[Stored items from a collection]

---------------

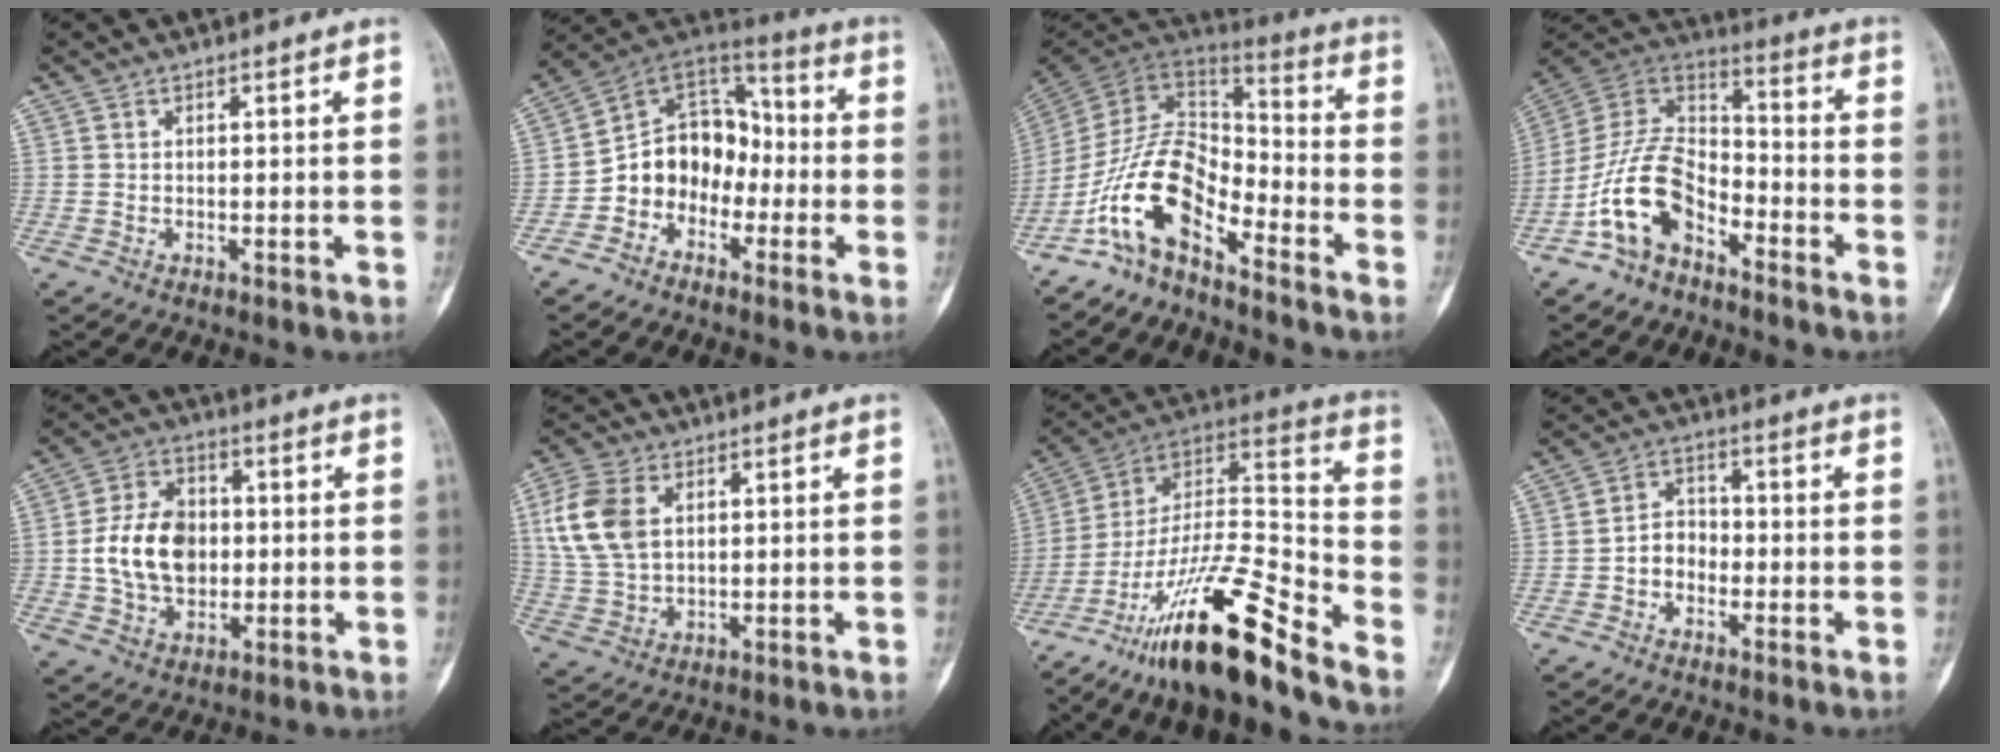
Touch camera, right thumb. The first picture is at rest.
{"total": 13.0, "force": [-3.8, 10.4, 6.7], "torque": [-0.074, 0.078, -0.082]}
{"total": 14.0, "force": [-8.5, 6.4, 9.2], "torque": [-0.156, 0.092, -0.171]}
{"total": 14.1, "force": [-7.6, 8.1, 8.7], "torque": [-0.154, 0.075, -0.155]}
{"total": 13.1, "force": [-0.1, 9.6, 8.9], "torque": [-0.133, 0.015, -0.001]}
{"total": 11.2, "force": [3.0, 7.3, 8.0], "torque": [-0.163, 0.000, 0.063]}
{"total": 23.3, "force": [-16.8, 4.0, 15.7], "torque": [-0.308, 0.082, -0.298]}
{"total": 4.6, "force": [-1.6, 3.7, 2.2], "torque": [-0.015, 0.026, -0.039]}

---------------

**INSTRUCTIONS FOR THE TASK**
Print the data again, word for word, without any pictures.

**WRITTEN ANSWER**
Touch camera, right thumb. The first picture is at rest.
{"total": 13.0, "force": [-3.8, 10.4, 6.7], "torque": [-0.074, 0.078, -0.082]}
{"total": 14.0, "force": [-8.5, 6.4, 9.2], "torque": [-0.156, 0.092, -0.171]}
{"total": 14.1, "force": [-7.6, 8.1, 8.7], "torque": [-0.154, 0.075, -0.155]}
{"total": 13.1, "force": [-0.1, 9.6, 8.9], "torque": [-0.133, 0.015, -0.001]}
{"total": 11.2, "force": [3.0, 7.3, 8.0], "torque": [-0.163, 0.000, 0.063]}
{"total": 23.3, "force": [-16.8, 4.0, 15.7], "torque": [-0.308, 0.082, -0.298]}
{"total": 4.6, "force": [-1.6, 3.7, 2.2], "torque": [-0.015, 0.026, -0.039]}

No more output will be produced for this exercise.